Perjalanan dari Schiphol ke Rotterdam Central Station memakan waktu sekitar 30 menit. Kereta berjalan cepat tanpa henti. Selama perjalanan, terlihat banyak kincir angin yang berputar perlahan. Tak heran bila Belanda disebut Negeri Kincir Angin, karena di setiap sudutnya terdapat banyak kincir angin.
ADVERTISEMENT
SCROLL TO CONTINUE WITH CONTENT
Namun jangan bayangkan kincir angin ini berukuran 'gemuk' yang dibangun dari kayu atau batu bata. Kincir angin tradisional itu sudah berganti dengan kincir angin berukuran lebih ramping dan bergaya minimalis.
Kereta cepat yang membawa saya ke Rotterdam Central Station pun menghentikan lajunya. Saya sampai di Rotterdam.

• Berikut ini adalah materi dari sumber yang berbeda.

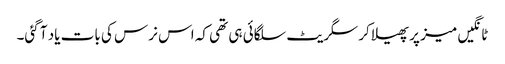
ٹانگیں میز پر پھیلا کر سگریٹ سلگائی ہی تھی کہ اس نرس کی بات یاد آ گئی۔
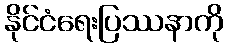
နိုင်ငံရေးပြဿနာကို
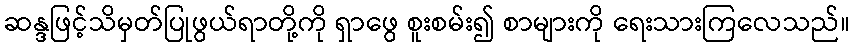
ဆန္ဒဖြင့်သိမှတ်ပြုဖွယ်ရာတို့ကို ရှာဖွေ စူးစမ်း၍ စာများကို ရေးသားကြလေသည်။
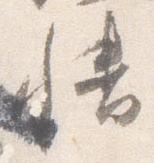
幡
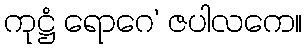
ကုဋ္ဌံ ရောဂေ’ ဇပါလကေ။
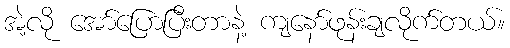
အဲ့လို အော်ပြောပြီးတာနဲ့ ကျနော်ဖုန်းချလိုက်တယ်။
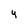
Character: 4
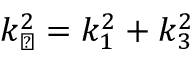
k _ { \perp } ^ { 2 } = k _ { 1 } ^ { 2 } + k _ { 3 } ^ { 2 }
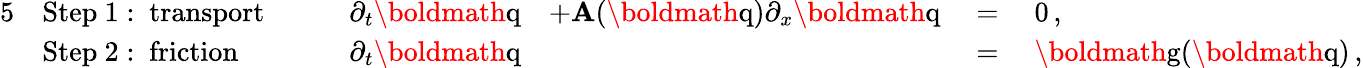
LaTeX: \begin{array}{rlrlrl}{{5}}&{\mathrm{Step~1:~transport}\qquad}&{\partial_{t}\textrm{\boldmath{q}}}&{+\mathbf{A}(\textrm{\boldmath{q}})\partial_{x}\textrm{\boldmath{q}}}&{\; =\; }&{0\, ,}\\ &{\mathrm{Step~2:~friction}\qquad}&{\partial_{t}\textrm{\boldmath{q}}}&{}&{\; =\; }&{\textrm{\boldmath{g}}(\textrm{\boldmath{q}})\, ,}\end{array}
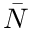
\bar { N }
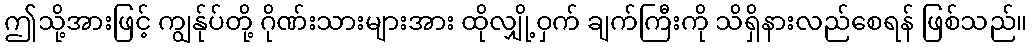
ဤသို့အားဖြင့် ကျွန်ုပ်တို့ ဂိုဏ်းသားများအား ထိုလျှို့ဝှက် ချက်ကြီးကို သိရှိနားလည်စေရန် ဖြစ်သည်။
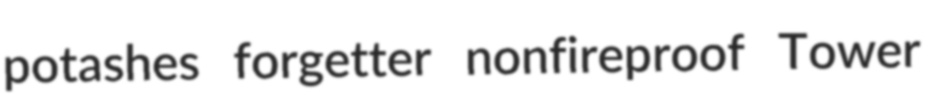
potashes forgetter nonfireproof Tower
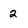
Character: 2
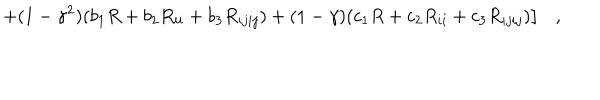
\left. + ( 1 - \gamma ^ { 2 } ) ( b _ { 1 } R + b _ { 2 } R _ { i i } + b _ { 3 } R _ { i j i j } ) + ( 1 - \gamma ) ( c _ { 1 } R + c _ { 2 } R _ { i i } + c _ { 3 } R _ { i j i j } ) \right] ,
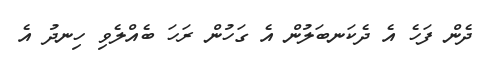
ދެން ފަހެ އެ ދެކަނބަލުން އެ ގަހުން ރަހަ ބެއްލެވި ހިނދު އެ
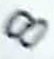
Text: 8
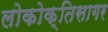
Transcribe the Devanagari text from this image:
लोकोक्तिसागर
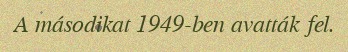
A másodikat 1949-ben avatták fel.
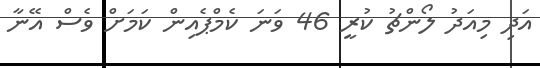
އަދި މިއަދު ލޯންޗު ކުރީ 46 ވަނަ ކެމްޕެއިން ކަމަށް ވެސް އޭނާ
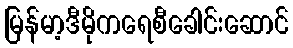
မြန်မာ့ဒီမိုကရေစီခေါင်းဆောင်
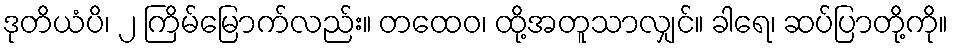
ဒုတိယံပိ၊ ၂ ကြိမ်မြောက်လည်း။ တထေဝ၊ ထို့အတူသာလျှင်။ ခါရေ၊ ဆပ်ပြာတို့ကို။
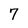
Character: 7
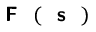
{ \textbf { \textsf { F } } } ( { \textbf { \textsf { s } } } )
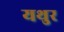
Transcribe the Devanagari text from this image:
यथुर
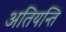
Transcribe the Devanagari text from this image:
अतियन्ति
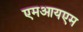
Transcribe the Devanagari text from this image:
एमआयएम
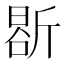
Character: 𭤤
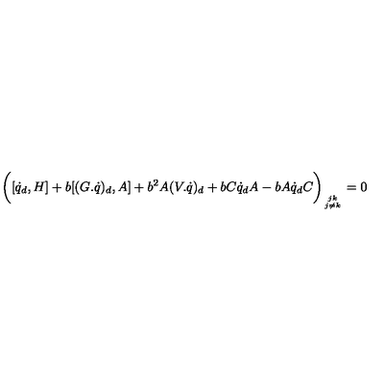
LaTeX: \biggl ( [ \dot { q } _ { d } , H ] + b [ ( G . \dot { q } ) _ { d } , A ] + b \sp 2 A ( V . \dot { q } ) _ { d } + b C \dot { q } _ { d } A - b A \dot { q } _ { d } C \bigg ) _ { { j k } \atop { j \ne k } } = 0
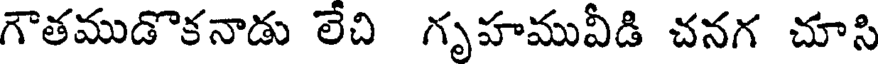
గౌతముడొకనాడు లేచి గృహమువీడి చనగ చూసి
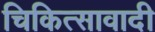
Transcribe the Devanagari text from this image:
चिकित्सावादी
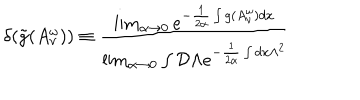
\delta ( \tilde { g } ( A _ { \nu } ^ { \omega } ) ) \equiv \frac { \lim _ { \alpha \rightarrow 0 } e ^ { - \frac { 1 } { 2 \alpha } \int g ( A _ { \nu } ^ { \omega } ) d x } } { \lim _ { \alpha \rightarrow 0 } \int { \cal D } \Lambda e ^ { - \frac { 1 } { 2 \alpha } \int d x \Lambda ^ { 2 } } }
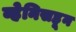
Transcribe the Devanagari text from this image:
व्हेनिसहून
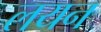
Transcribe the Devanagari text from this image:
लयन
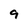
Character: 9
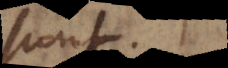
sunt.
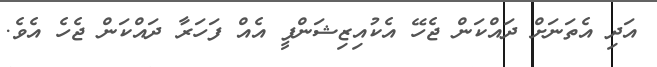
އަދި އެތަނަށް ދައްކަން ޖެހޭ އެކުއިޒިޝަންފީ އެއް ފަހަރާ ދައްކަން ޖެހެ އެވެ.
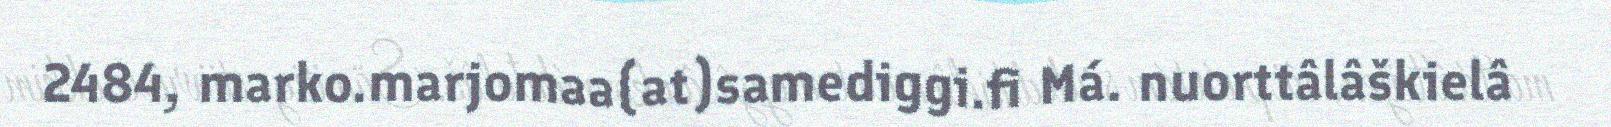
2484, marko.marjomaa(at)samediggi.fi Má. nuorttâlâškielâ
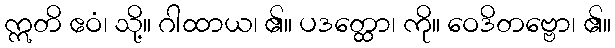
ဣတိ ဧဝံ၊ သို့။ ဂါထာယ၊ ၏။ ပဒတ္ထော၊ ကို။ ဝေဒိတဗ္ဗော၊ ၏။
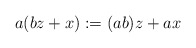
\begin{align*}& a(bz+x):=(ab)z+ax\end{align*}
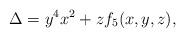
LaTeX: \begin{align*} \Delta=y^4x^2+zf_5(x,y,z),\end{align*}
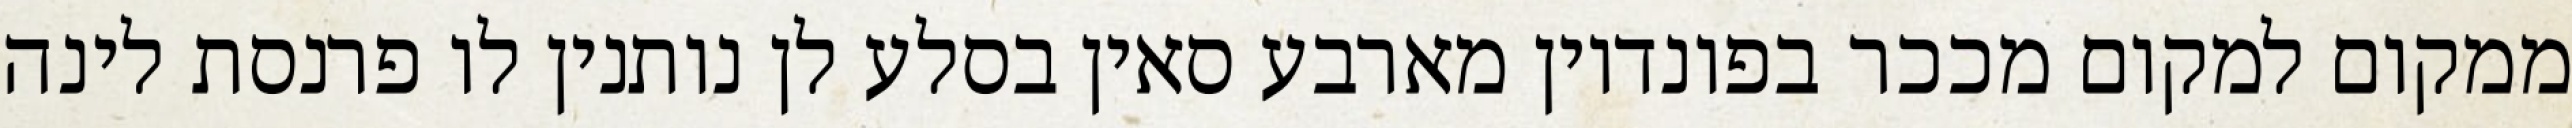
ממקום למקום מככר בפונדיון מארבע סאין בסלע לן נותנין לו פרנסת לינה
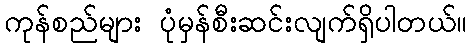
ကုန်စည်များ ပုံမှန်စီးဆင်းလျက်ရှိပါတယ်။
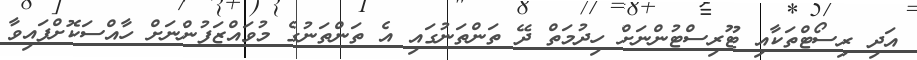
އަދި ރިސޯޓްތަކާއި ޓޫރިސްޓުންނަށް ހިދުމަތް ދޭ ތަންތަނުގައި އެ ތަންތަނުގެ މުވައްޒަފުންނަށް ހާއްސަކޮށްފައިވާ
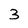
Character: 3
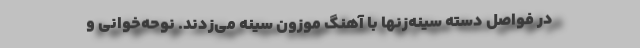
در فواصل دسته سینه‌زنها با آهنگ موزون سینه می‌زدند. نوحه‌خوانی و
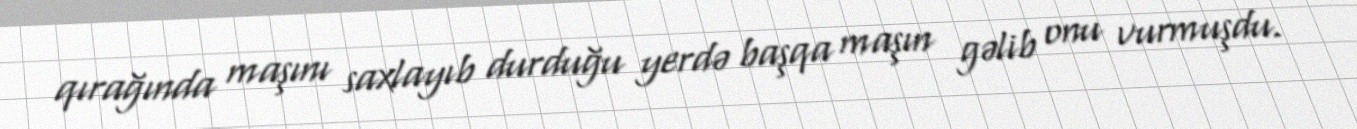
qırağında maşını saxlayıb durduğu yerdə başqa maşın gəlib onu vurmuşdu.
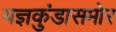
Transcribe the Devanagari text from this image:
यज्ञकुंडासमोर
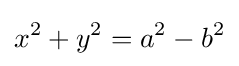
x^{2}+y^{2}=a^{2}-b^{2}
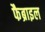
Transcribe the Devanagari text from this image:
फैब्राइल
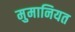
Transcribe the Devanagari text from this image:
मुमानियत
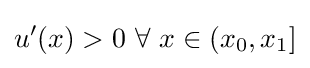
\displaystyle u'(x)>0{\mbox{ }}\forall {\mbox{ }}x\in \left(x_{0},x_{1}\right]
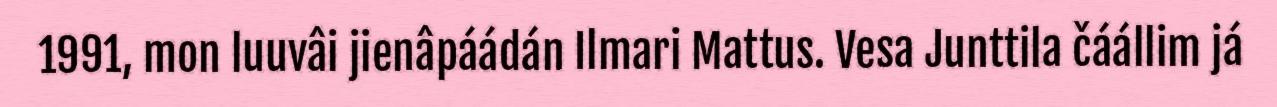
1991, mon luuvâi jienâpáádán Ilmari Mattus. Vesa Junttila čáállim já
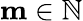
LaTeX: \mathbf{m}\in\mathbb{N}
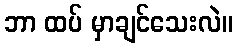
ဘာ ထပ် မှာချင်သေးလဲ။
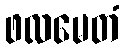
ဖလမေတံ
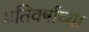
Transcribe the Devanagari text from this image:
प्रतिवर्षाच्या
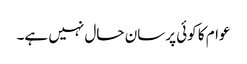
عوام کا کوئی پرسان حال نہیں ہے۔
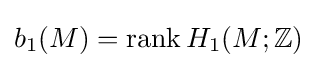
b_{1}(M)=\operatorname {rank} H_{1}(M;\mathbb {Z} )
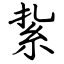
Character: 紥
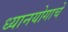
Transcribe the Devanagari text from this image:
ध्यानयोगाचे
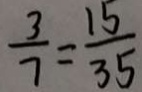
\frac { 3 } { 7 } = \frac { 1 5 } { 3 5 }
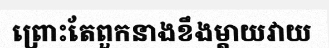
ព្រោះតែពួកនាងខឹងម្តាយវាយ
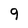
Character: 9
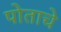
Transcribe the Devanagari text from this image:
पोताचे
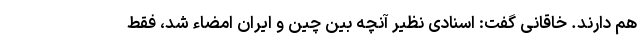
هم دارند. خاقانی گفت: اسنادی نظیر آنچه بین چین و ایران امضاء شد، فقط
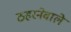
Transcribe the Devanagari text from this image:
ठहरनेवाले
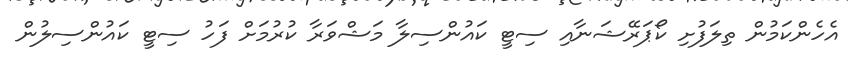
އެހެންކަމުން ތިލަފުށި ކޯޕަރޭޝަނާއި ސިޓީ ކައުންސިލާ މަޝްވަރާ ކުރުމަށް ފަހު ސިޓީ ކައުންސިލުން
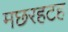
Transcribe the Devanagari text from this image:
मछरहटह
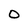
Character: O
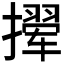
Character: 𫾉
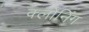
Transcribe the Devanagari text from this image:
क्‍लोनिंग
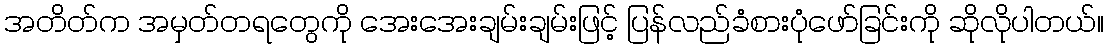
အတိတ်က အမှတ်တရတွေကို အေးအေးချမ်းချမ်းဖြင့် ပြန်လည်ခံစားပုံဖော်ခြင်းကို ဆိုလိုပါတယ်။
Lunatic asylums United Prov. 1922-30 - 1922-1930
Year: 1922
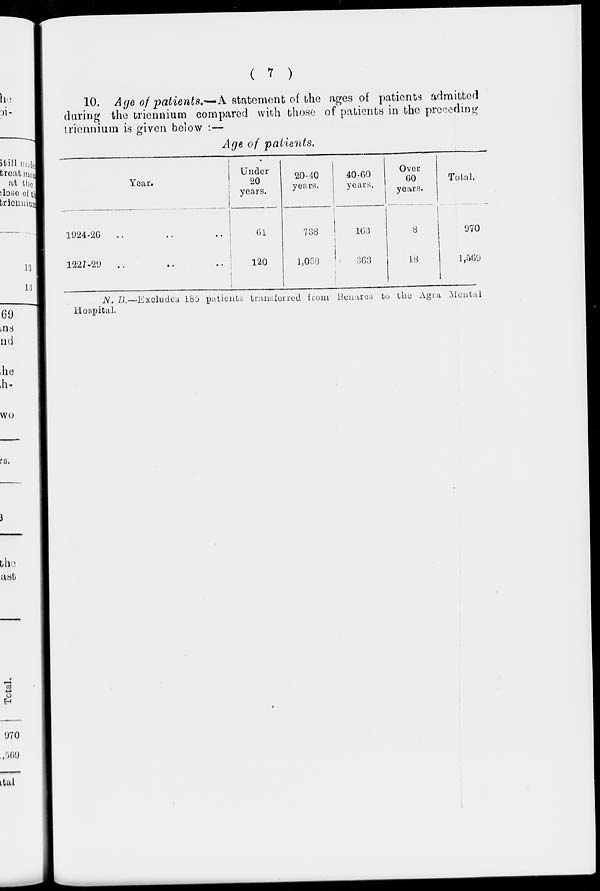
( 7 )
10. Age of patients.—A statement of the ages of patients admitted
during the triennium compared with those of patients in the preceding
triennium is given below :—
Age of patients.
Year.
1924-26
..
1227-29
..
Under
20
years.
61
120
20-40
years.
738
1,063
40-60
years.
163
363
Over
60
years.
8
18
Total.
970
1,569
N. B.—Excludes 185 patients transferred from Benares to the Agra Mental
Hospital.
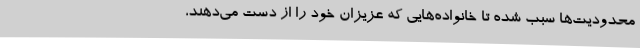
محدودیت‌ها سبب شده تا خانواده‌هایی که عزیزان خود را از دست می‌دهند،
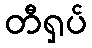
တီရှပ်
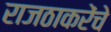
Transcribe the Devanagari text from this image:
राजठाकरेंचे
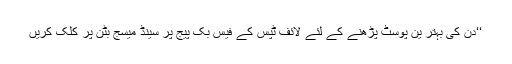
‘‘دن کی بہتر ین پوسٹ پڑھنے کے لئے لائف ٹپس کے فیس بک پیج پر سینڈ میسج بٹن پر کلک کریں
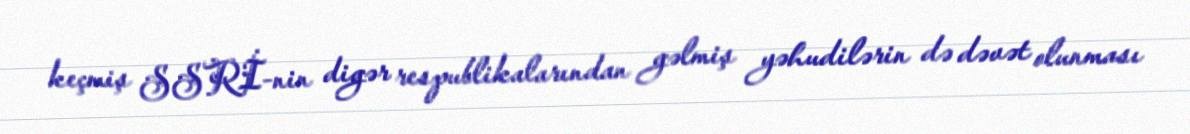
keçmiş SSRİ-nin digər respublikalarından gəlmiş yəhudilərin də dəvət olunması
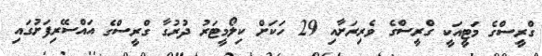
ގްރީސްގެ މަޓީއަކީ ގްރީސްގެ ވެރިރަށާއި 29 ހަކަށް ކިލޯމީޓަރު ދުރުގާ ގްރީސްގެ އައްސޭރިފަށުގައި
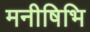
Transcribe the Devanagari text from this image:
मनीषिभि
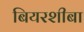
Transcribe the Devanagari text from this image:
बियरशीबा
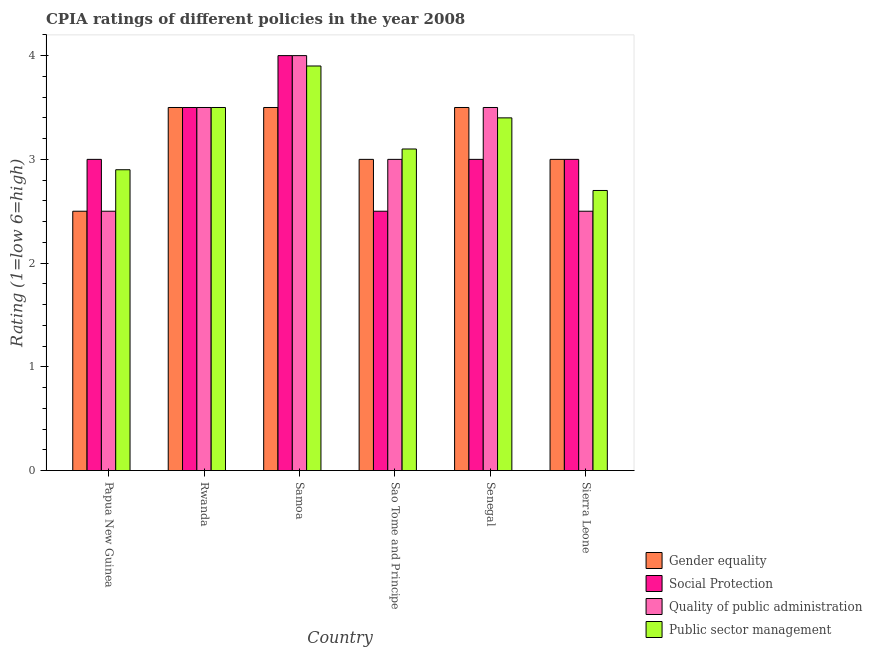
| Country | Gender equality | Social Protection | Quality of public administration | Public sector management |
 | --- | --- | --- | --- | --- |
 | Papua New Guinea | 2.5 | 3 | 2.5 | 2.9 |
 | Rwanda | 3.5 | 3.5 | 3.5 | 3.5 |
 | Samoa | 3.5 | 4 | 4 | 3.9 |
 | Sao Tome and Principe | 3 | 2.5 | 3 | 3.1 |
 | Senegal | 3.5 | 3 | 3.5 | 3.4 |
 | Sierra Leone | 3 | 3 | 2.5 | 2.7 |
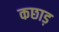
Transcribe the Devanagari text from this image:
कछाड़
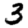
Digit: 3
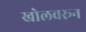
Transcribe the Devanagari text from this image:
खोलवरून
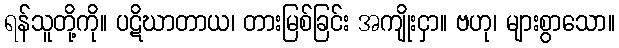
ရန်သူတို့ကို။ ပဋိဃာတာယ၊ တားမြစ်ခြင်း အကျိုးငှာ။ ဗဟု၊ များစွာသော။
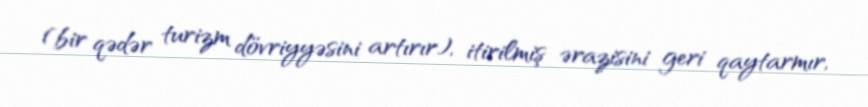
(bir qədər turizm dövriyyəsini artırır), itirilmiş ərazisini geri qaytarmır,
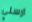
ارسلي
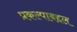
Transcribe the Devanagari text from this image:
प्रकल्पाबद्दल
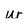
Character: w
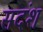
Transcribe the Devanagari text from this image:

Di akhir April, udara hangat musim panas seharusnya sudah mulai menyapa. Akan tetapi nyatanya, saya masih harus merapatkan jaket tebal yang dipakai. Sesekali membenahi posisinya, agar tak menggigil kedinginan di malam hari.
Saat itu sudah pukul 8 malam, namun masih ada sisa-sisa sinar matahari yang bersinar dan menggoreskan cahaya senja di langit. Di Jakarta, pada pukul yang sama, sinar matahari sudah benar-benar berganti sinar bulan.
Sesampainya di Rotterdam Central Station, saya langsung dibuat kagum dengan berbagai bangunan modern di sekitarnya. Sekeliling stasiun utama Rotterdam ini dipenuhi dengan bangunan yang apik. Ada kafe, restoran, dan ruko besar serta modern di sekitarnya. Dari kejauhan gereja antik seakan merangkum pemandangan cantik khas Eropa itu, kuno dan kekinian di saat yang bersamaan.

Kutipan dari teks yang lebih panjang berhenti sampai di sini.